**PROVIDED DATA**

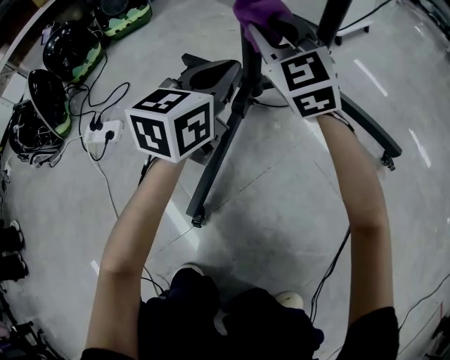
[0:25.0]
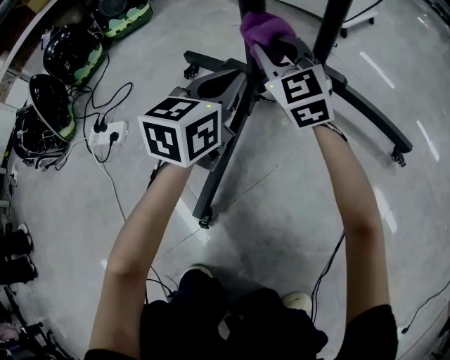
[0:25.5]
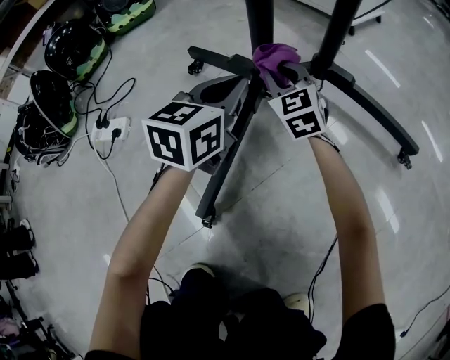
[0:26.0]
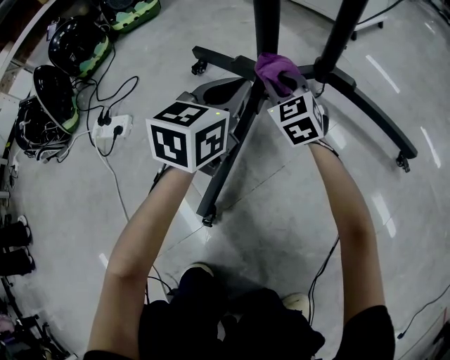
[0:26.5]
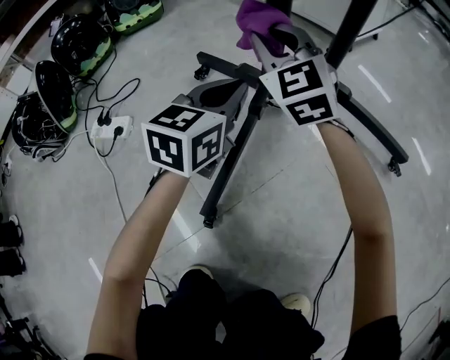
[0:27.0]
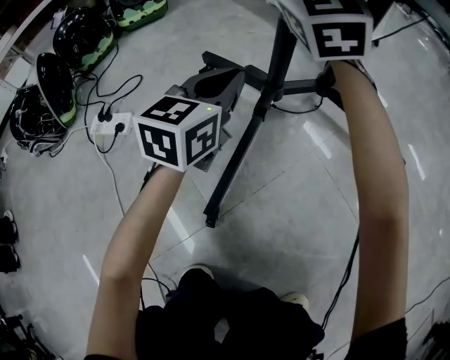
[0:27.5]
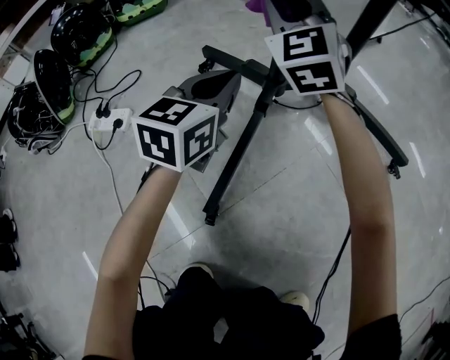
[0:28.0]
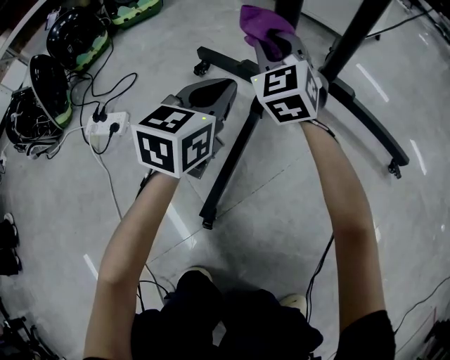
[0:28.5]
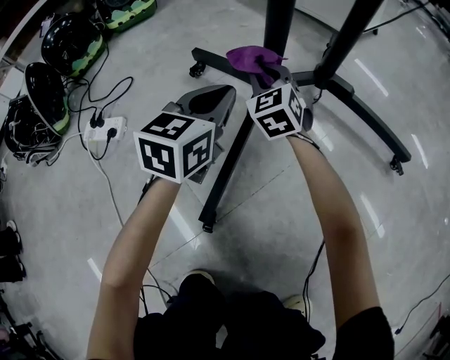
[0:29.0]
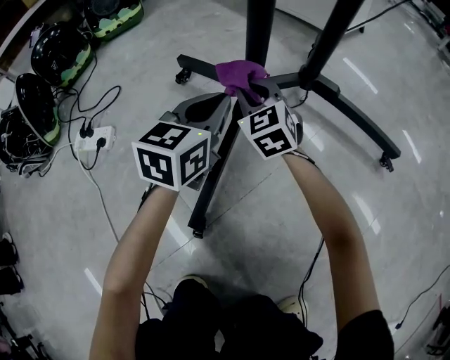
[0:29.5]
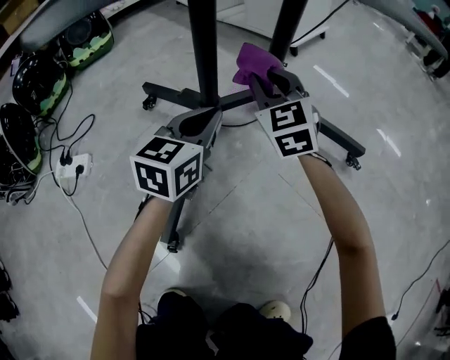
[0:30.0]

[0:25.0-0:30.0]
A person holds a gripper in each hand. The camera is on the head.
0:25.0 to 0:27.5: The right gripper shifts roughly 15 cm upward and to the left, while the left gripper heads to the left, covering approximately 5 cm.
0:27.5 to 0:30.0: The left gripper is displaced to the right by about 10 cm; the right gripper heads downward and to the right, covering approximately 25 cm, and rotates approximately 30 degrees.

**ACTIVITY**
From the listing above, print every entry precisely and drop the pictures.

**TASK OUTPUT**
[0:25.0]
[0:25.5]
[0:26.0]
[0:26.5]
[0:27.0]
[0:27.5]
[0:28.0]
[0:28.5]
[0:29.0]
[0:29.5]
[0:30.0]

[0:25.0-0:30.0]
A person holds a gripper in each hand. The camera is on the head.
0:25.0 to 0:27.5: The right gripper shifts roughly 15 cm upward and to the left, while the left gripper heads to the left, covering approximately 5 cm.
0:27.5 to 0:30.0: The left gripper is displaced to the right by about 10 cm; the right gripper heads downward and to the right, covering approximately 25 cm, and rotates approximately 30 degrees.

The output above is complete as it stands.